::: The data :::
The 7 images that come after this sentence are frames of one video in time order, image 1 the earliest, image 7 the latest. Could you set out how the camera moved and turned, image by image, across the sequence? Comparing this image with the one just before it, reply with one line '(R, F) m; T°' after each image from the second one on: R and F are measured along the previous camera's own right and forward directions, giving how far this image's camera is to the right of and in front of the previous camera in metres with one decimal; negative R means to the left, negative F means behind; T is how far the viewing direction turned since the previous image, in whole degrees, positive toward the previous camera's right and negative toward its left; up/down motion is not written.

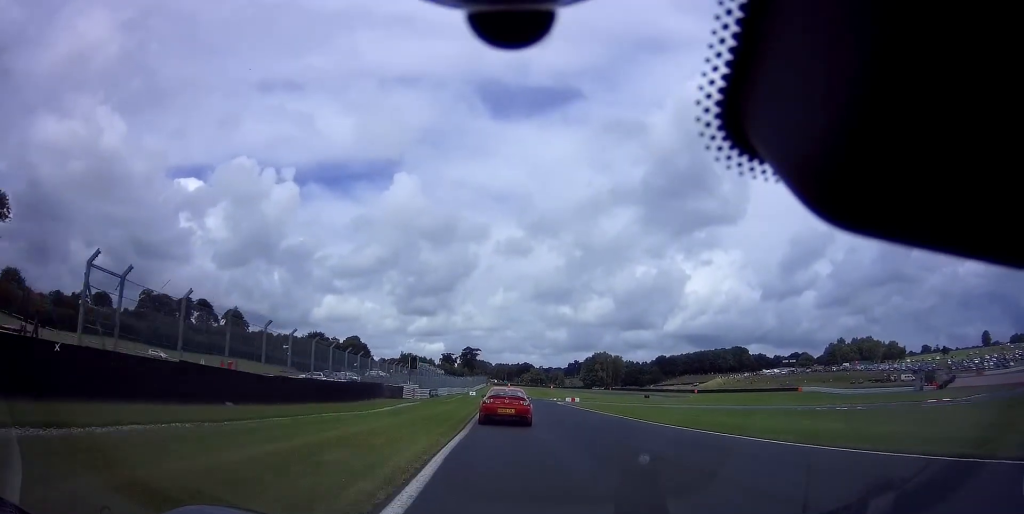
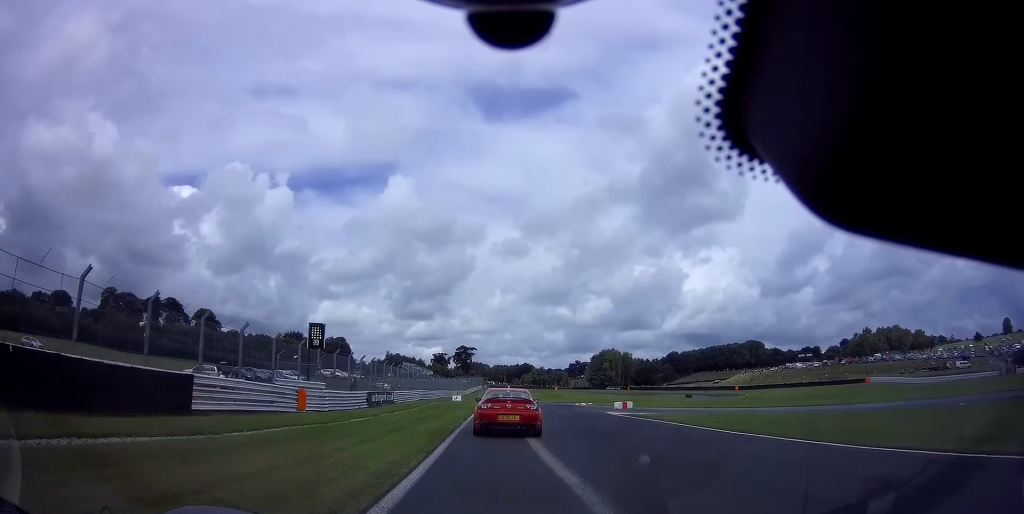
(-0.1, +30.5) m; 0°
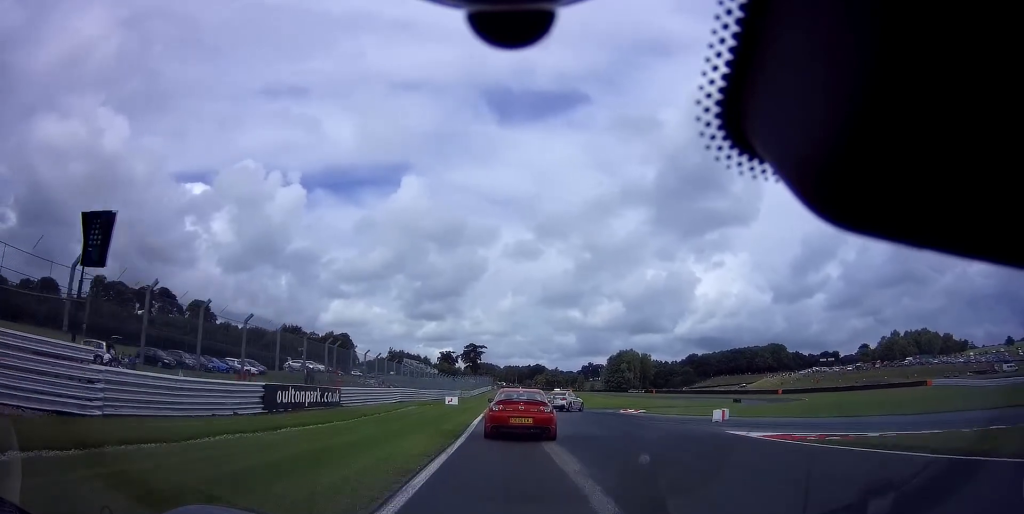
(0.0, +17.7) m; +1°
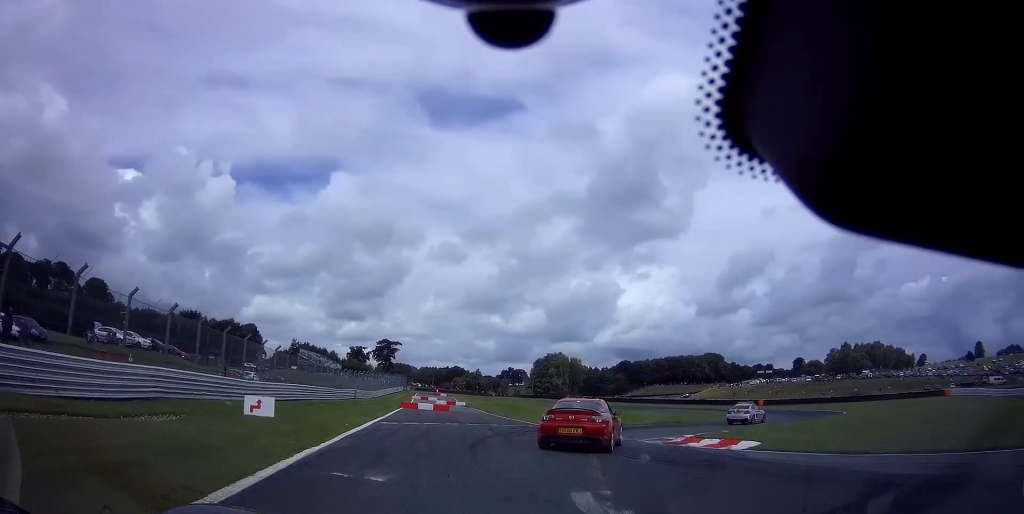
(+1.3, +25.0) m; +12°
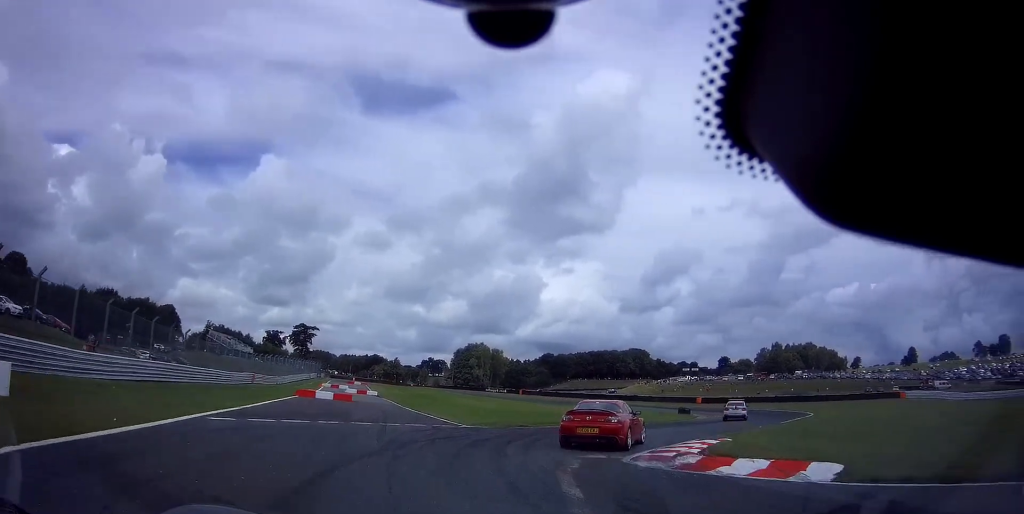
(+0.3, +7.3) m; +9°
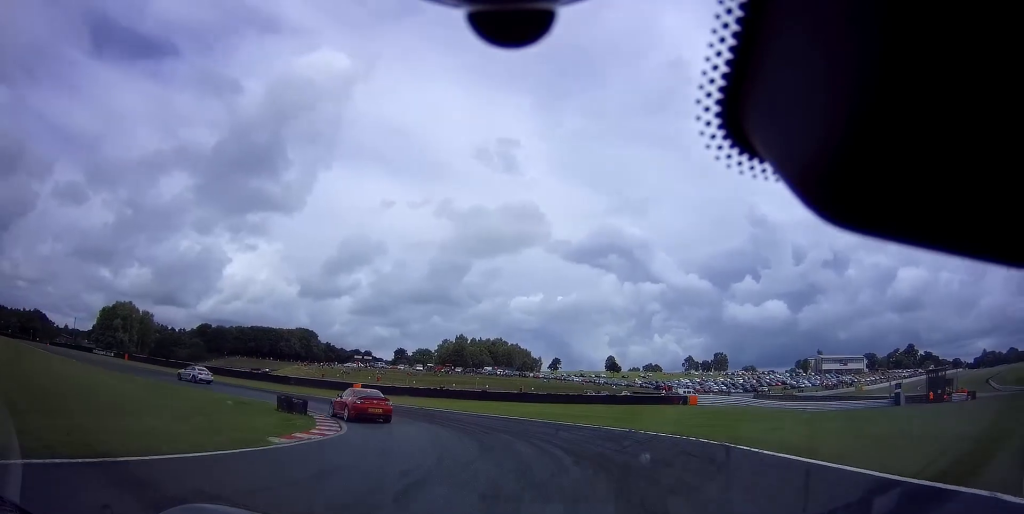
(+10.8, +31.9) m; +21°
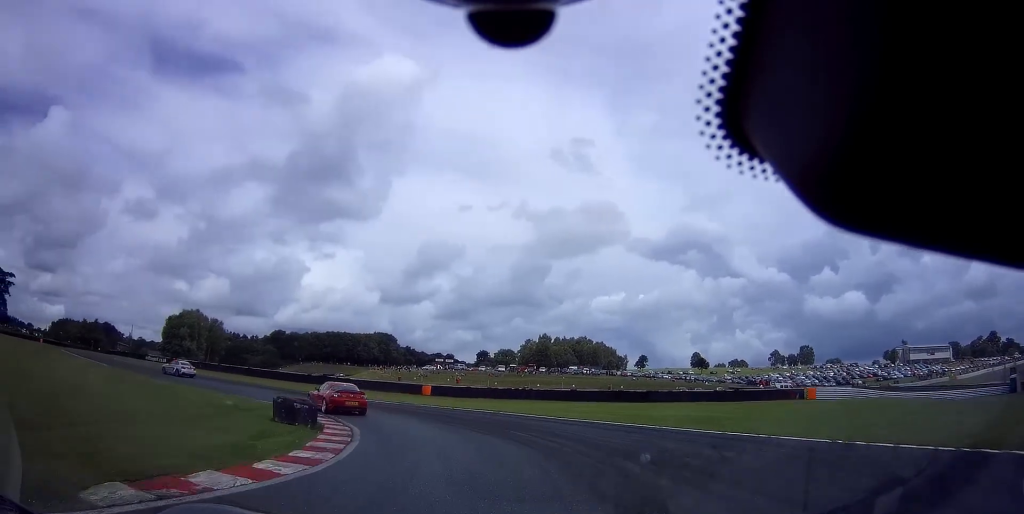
:::
- **Exercise**
Please give the data above again in exact form and omit every picture.

- **The answer**
The 7 images that come after this sentence are frames of one video in time order, image 1 the earliest, image 7 the latest. Could you set out how the camera moved and turned, image by image, across the sequence? Comparing this image with the one just before it, reply with one line '(R, F) m; T°' after each image from the second one on: R and F are measured along the previous camera's own right and forward directions, giving how far this image's camera is to the right of and in front of the previous camera in metres with one decimal; negative R means to the left, negative F means behind; T is how far the viewing direction turned since the previous image, in whole degrees, positive toward the previous camera's right and negative toward its left; up/down motion is not written.

(-0.1, +30.5) m; 0°
(0.0, +17.7) m; +1°
(+1.3, +25.0) m; +12°
(+0.3, +7.3) m; +9°
(+10.8, +31.9) m; +21°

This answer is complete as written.